开什么玩笑,我收回目光,抚摸了一下裙摆,那座冰雕干嘛莫名其妙地送我这么昂贵漂亮的礼裙?
宁承西似乎看出我的心思,没有说话,只是拍拍我的肩,满目温柔的眼神似乎在说“是真的”。
虽然之前被指责说身上的衣服很没品,但和眼前这件礼裙比起来,的确是天壤之别!
如果真如宁承西所说,这件礼裙是庄晨送给我的话,那理由是什么?难道是怕我在Party上出洋相?可是那跟他有什么关系,邀请我的人是宁承西,又不是他,再说反正出了洋相最后糗的也是我,又不关他的事。
我正胡乱地自我猜想之际,两人推开门走了进来。
“承西少爷!”二人对宁承西一副恭敬的样子,但看服饰显然不是一般的佣人。
“来了!”承西应声回头看了一眼,简短地和他们打过招呼,便没再说话。
还没来得及细想这两人是什么来头,他们便很不客气的把我拖到一边按在梳妆台前的坐椅上,手上的动作完全没有因为宁承西在场而有所收敛。而宁承西对这粗暴的行径也是视而不见,很显然,他和庄晨一样,认为有必要把我的鸡窝头重新收拾一番。

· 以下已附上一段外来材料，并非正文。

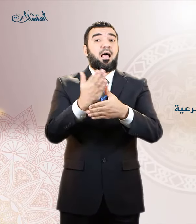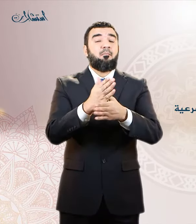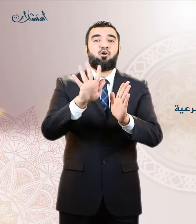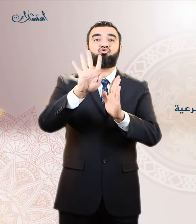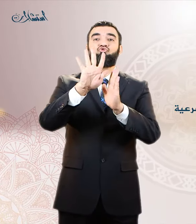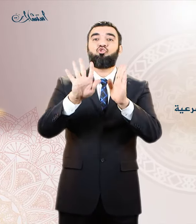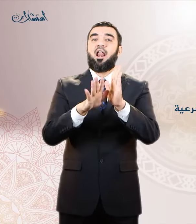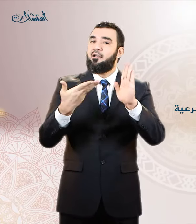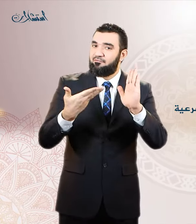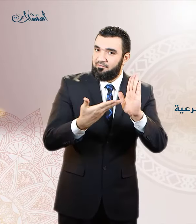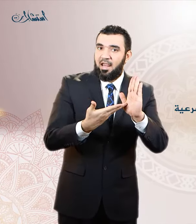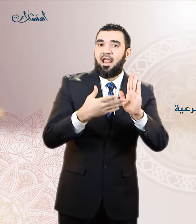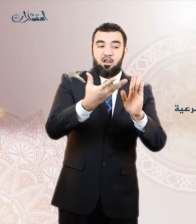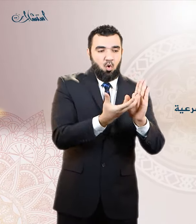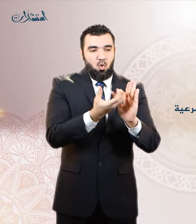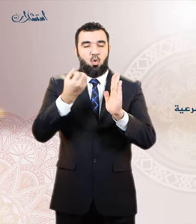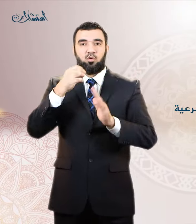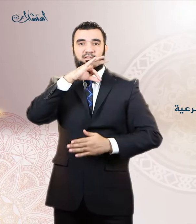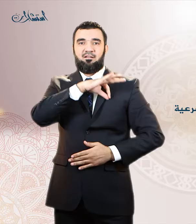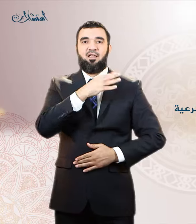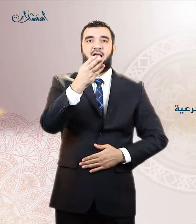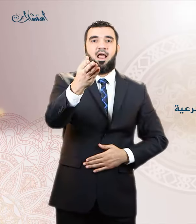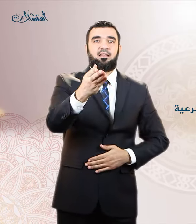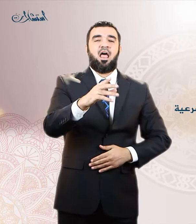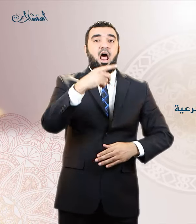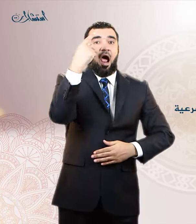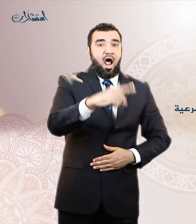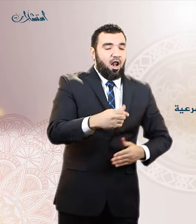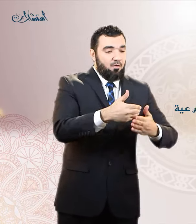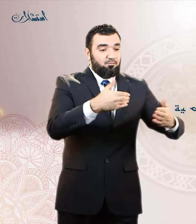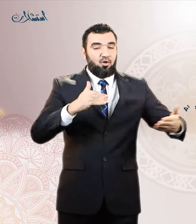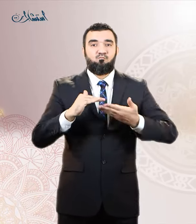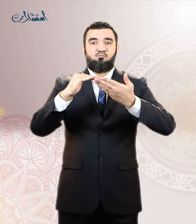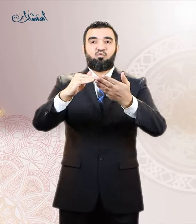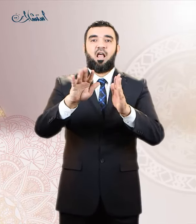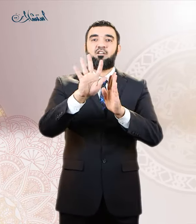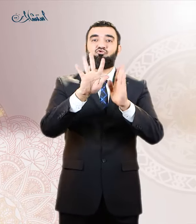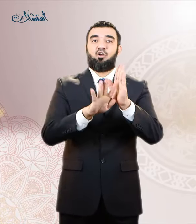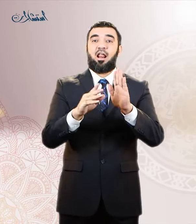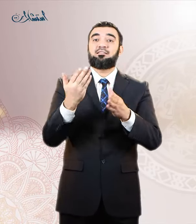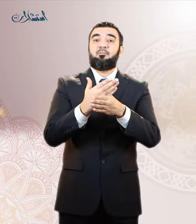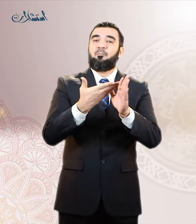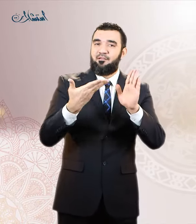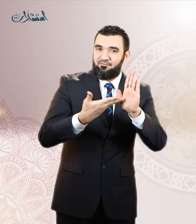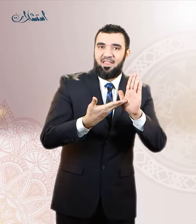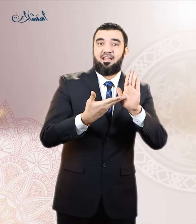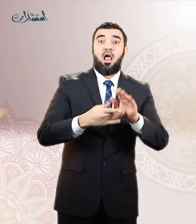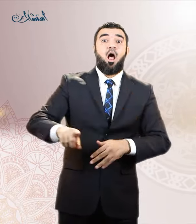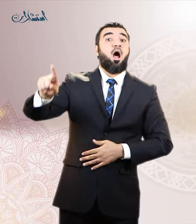التي تعينك على العفة والابتعاد عن الحرام فان الله تعالى امر في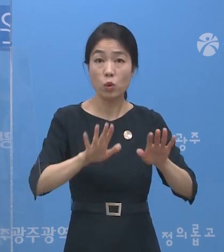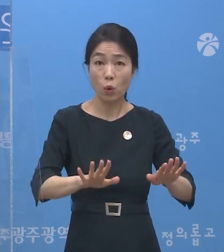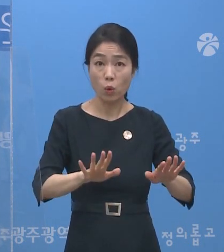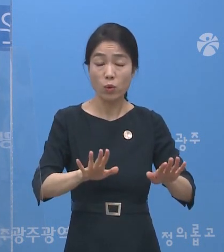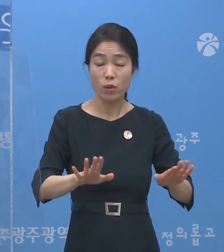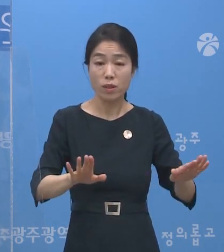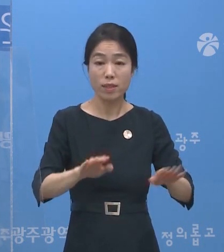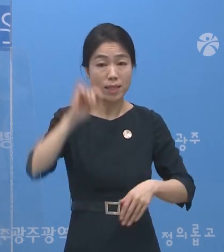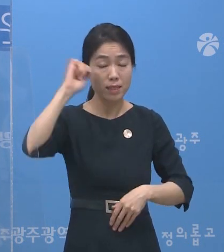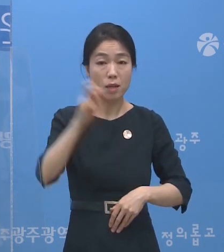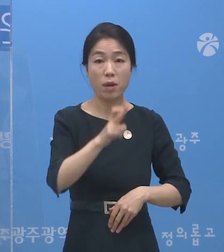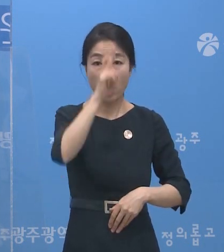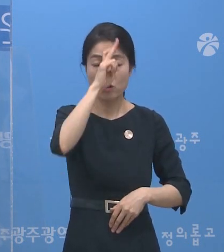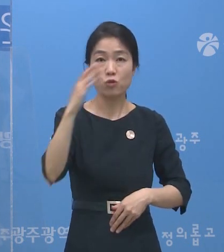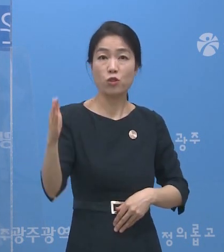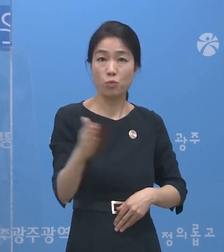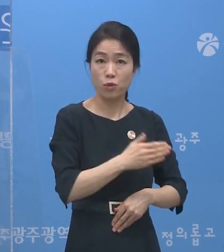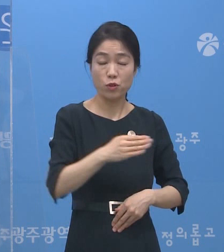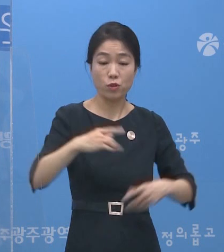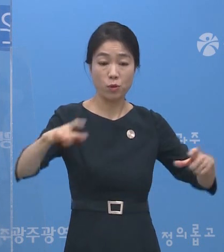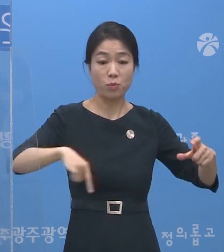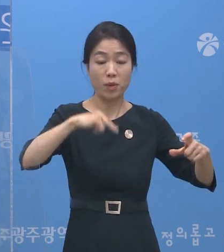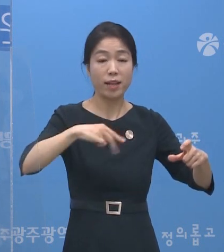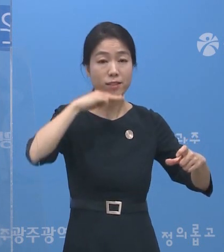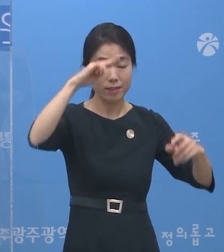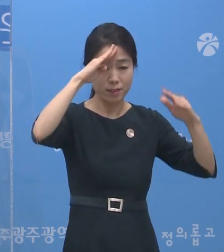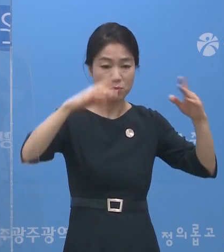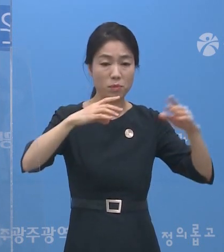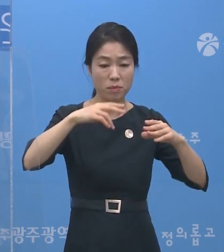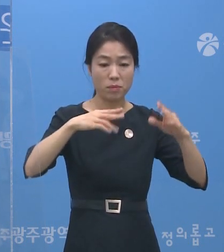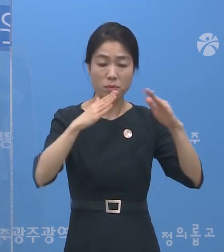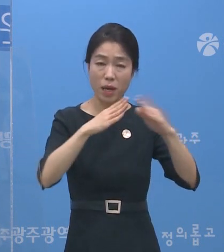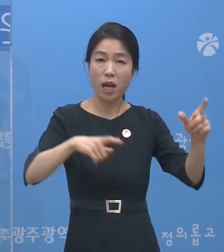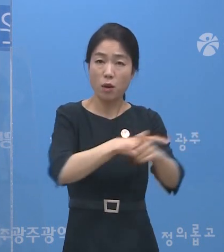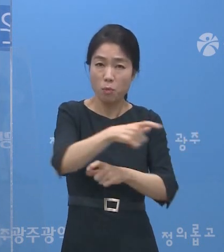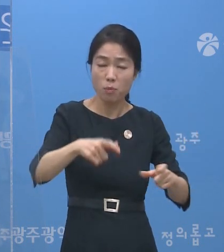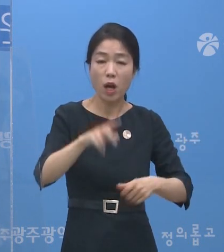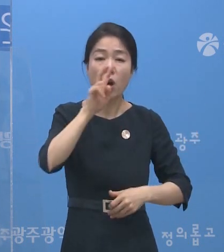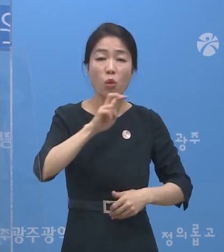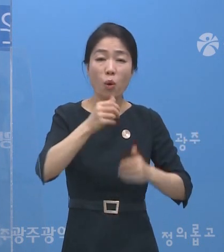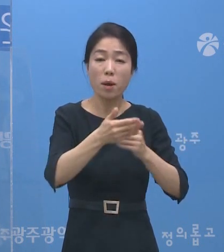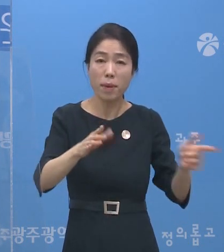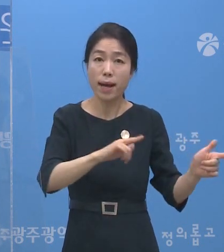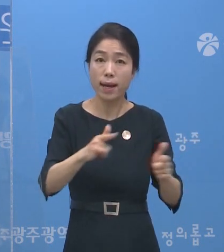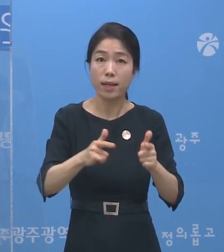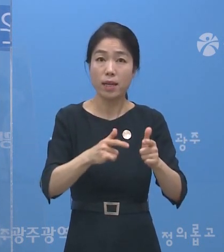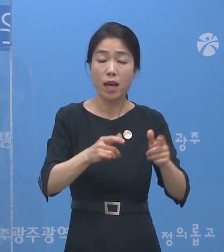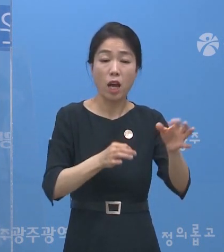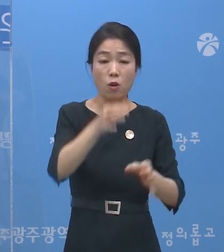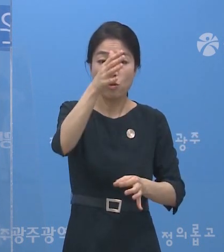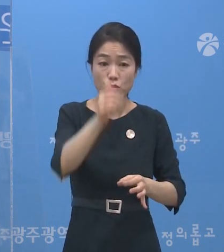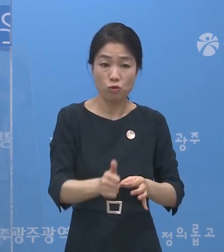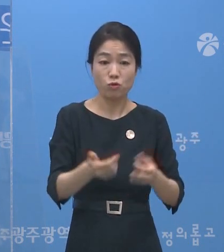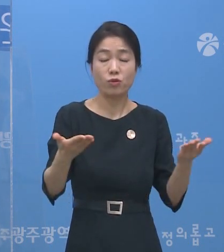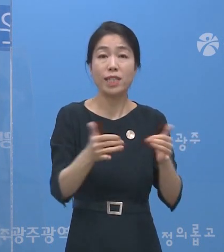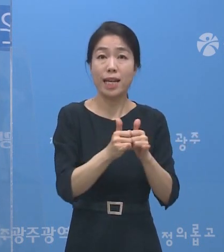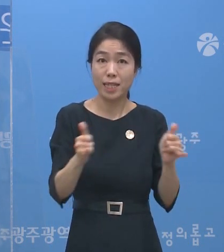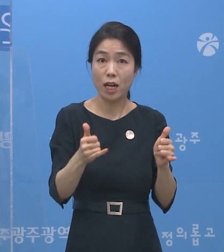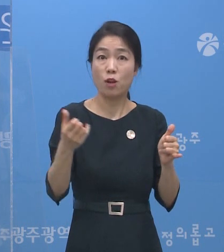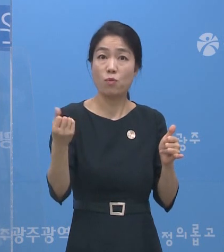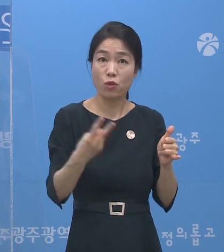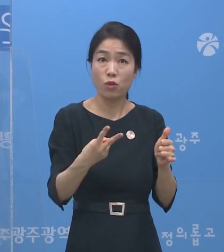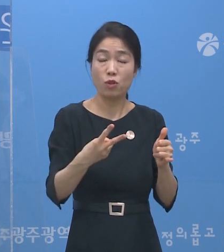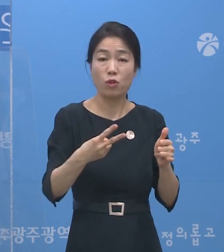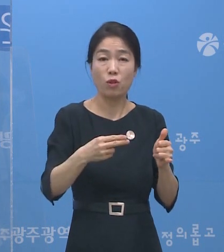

两人手起刀落,略作修剪,因为时间关系,没法像在理发店慢火炖猪头似的打理,于是只给我上了些发水,用吹风给我吹出了浅浅的卷纹式发型,看上去很自然得体。
末了两人还在我脸上一乱喷洒涂画,折腾了好一会儿我才完全得到解脱。
不过看着镜中的自己,我几乎有些目瞪口呆,即使算不上是精心打扮,却也与之前的自己判若两人。